Pakistan’s Baluchis Protest Iranian Treatment Of Ethnic Brethren After Border Shootings

Dozens of ethnic Baluch rights activists have staged a protest in Pakistan’s port city of Karachi to condemn the killing of their ethnic brethren by Iranian border guards last month.

The protest comes amid reports of violent unrest and Internet blackouts in Iran’s southeastern Sistan-Baluchistan Province triggered after security forces killed cross-border fuel smugglers.

Human Rights Watch last month said at least 10 people were killed at the Saravan border area near Pakistan on February 22, although the number of dead may be higher.

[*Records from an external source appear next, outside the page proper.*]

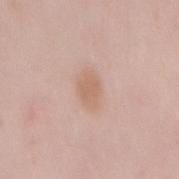The lesion was photographed on a routine skin check and not biopsied; there is no pathology result. Measured at roughly 4 mm in maximum diameter. A 15 mm crop from a total-body photograph taken for skin-cancer surveillance. The lesion is located on the mid back. A female patient approximately 40 years of age. Captured under white-light illumination.
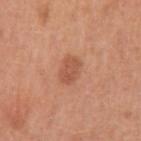Assessment: The lesion was tiled from a total-body skin photograph and was not biopsied. Clinical summary: Automated image analysis of the tile measured a footprint of about 5 mm² and an outline eccentricity of about 0.65 (0 = round, 1 = elongated). The analysis additionally found a border-irregularity rating of about 2/10 and radial color variation of about 1. The tile uses white-light illumination. The recorded lesion diameter is about 2.5 mm. The lesion is on the left upper arm. A close-up tile cropped from a whole-body skin photograph, about 15 mm across. A male patient in their mid- to late 50s.
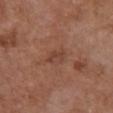Assessment: This lesion was catalogued during total-body skin photography and was not selected for biopsy. Clinical summary: A roughly 15 mm field-of-view crop from a total-body skin photograph. A female patient, roughly 80 years of age. This is a white-light tile. The lesion is located on the chest. Approximately 2.5 mm at its widest.
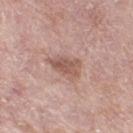<lesion>
  <biopsy_status>not biopsied; imaged during a skin examination</biopsy_status>
  <automated_metrics>
    <area_mm2_approx>7.5</area_mm2_approx>
    <eccentricity>0.8</eccentricity>
    <shape_asymmetry>0.3</shape_asymmetry>
  </automated_metrics>
  <patient>
    <sex>female</sex>
    <age_approx>70</age_approx>
  </patient>
  <image>
    <source>total-body photography crop</source>
    <field_of_view_mm>15</field_of_view_mm>
  </image>
  <lesion_size>
    <long_diameter_mm_approx>4.0</long_diameter_mm_approx>
  </lesion_size>
  <site>right thigh</site>
</lesion>
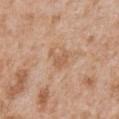Assessment: The lesion was photographed on a routine skin check and not biopsied; there is no pathology result. Acquisition and patient details: Imaged with white-light lighting. The lesion is located on the chest. A male patient roughly 65 years of age. A lesion tile, about 15 mm wide, cut from a 3D total-body photograph. Approximately 3 mm at its widest.
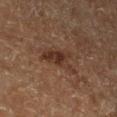biopsy_status: not biopsied; imaged during a skin examination
patient:
  sex: male
  age_approx: 75
image:
  source: total-body photography crop
  field_of_view_mm: 15
site: left lower leg
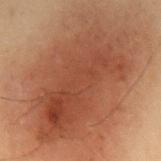Captured during whole-body skin photography for melanoma surveillance; the lesion was not biopsied.
This is a cross-polarized tile.
The recorded lesion diameter is about 14 mm.
The lesion is located on the mid back.
The patient is a male aged approximately 55.
Cropped from a whole-body photographic skin survey; the tile spans about 15 mm.
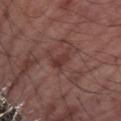This lesion was catalogued during total-body skin photography and was not selected for biopsy. The lesion is on the left forearm. Cropped from a total-body skin-imaging series; the visible field is about 15 mm. The recorded lesion diameter is about 3 mm. The subject is a male aged around 70. The tile uses white-light illumination.
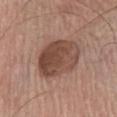Clinical impression: No biopsy was performed on this lesion — it was imaged during a full skin examination and was not determined to be concerning. Background: Longest diameter approximately 6 mm. A 15 mm close-up tile from a total-body photography series done for melanoma screening. A male patient, approximately 65 years of age. Imaged with white-light lighting. From the chest. Automated image analysis of the tile measured a lesion color around L≈46 a*≈19 b*≈26 in CIELAB and about 12 CIELAB-L* units darker than the surrounding skin. And it measured internal color variation of about 5.5 on a 0–10 scale and peripheral color asymmetry of about 2.
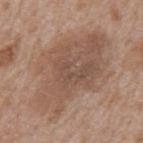Assessment:
The lesion was photographed on a routine skin check and not biopsied; there is no pathology result.
Clinical summary:
A male patient aged approximately 65. A region of skin cropped from a whole-body photographic capture, roughly 15 mm wide. The lesion is located on the back. Measured at roughly 11 mm in maximum diameter. Automated image analysis of the tile measured an outline eccentricity of about 0.8 (0 = round, 1 = elongated) and a symmetry-axis asymmetry near 0.3. And it measured a mean CIELAB color near L≈52 a*≈17 b*≈27 and about 8 CIELAB-L* units darker than the surrounding skin. It also reported a border-irregularity rating of about 4.5/10, internal color variation of about 4.5 on a 0–10 scale, and peripheral color asymmetry of about 1.5. The software also gave lesion-presence confidence of about 100/100. Imaged with white-light lighting.
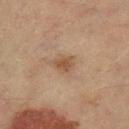No biopsy was performed on this lesion — it was imaged during a full skin examination and was not determined to be concerning.
On the leg.
A female subject, in their mid-50s.
The lesion's longest dimension is about 3 mm.
Cropped from a whole-body photographic skin survey; the tile spans about 15 mm.
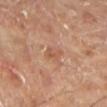<case>
<biopsy_status>not biopsied; imaged during a skin examination</biopsy_status>
<patient>
  <sex>male</sex>
  <age_approx>70</age_approx>
</patient>
<image>
  <source>total-body photography crop</source>
  <field_of_view_mm>15</field_of_view_mm>
</image>
<site>left lower leg</site>
</case>
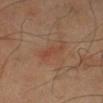This lesion was catalogued during total-body skin photography and was not selected for biopsy.
Longest diameter approximately 3.5 mm.
Located on the right lower leg.
A region of skin cropped from a whole-body photographic capture, roughly 15 mm wide.
The tile uses cross-polarized illumination.
The patient is a male in their 70s.
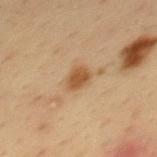notes: total-body-photography surveillance lesion; no biopsy
patient: male, aged 33–37
size: ≈2.5 mm
anatomic site: the mid back
tile lighting: cross-polarized illumination
image: 15 mm crop, total-body photography

In the wake of the killings, there have been reports of armed men attacking Iranian government buildings and security forces near the border, prompting a harsh crackdown.

In Karachi, the protesters demanded of the Iranian government stop using violence against smugglers and protesters who have few other means of earning a living in the poverty-stricken region.

They also demanded compensation for those who have been killed and injured.

Sistan-Baluchistan, one of Iran’s poorest provinces, is a volatile area where drug smugglers and militant groups operate along a porous border with Pakistan, which also faces an ethnic Baluch separatist insurgency and a brutal state crackdown that has killed thousands of people since 2004.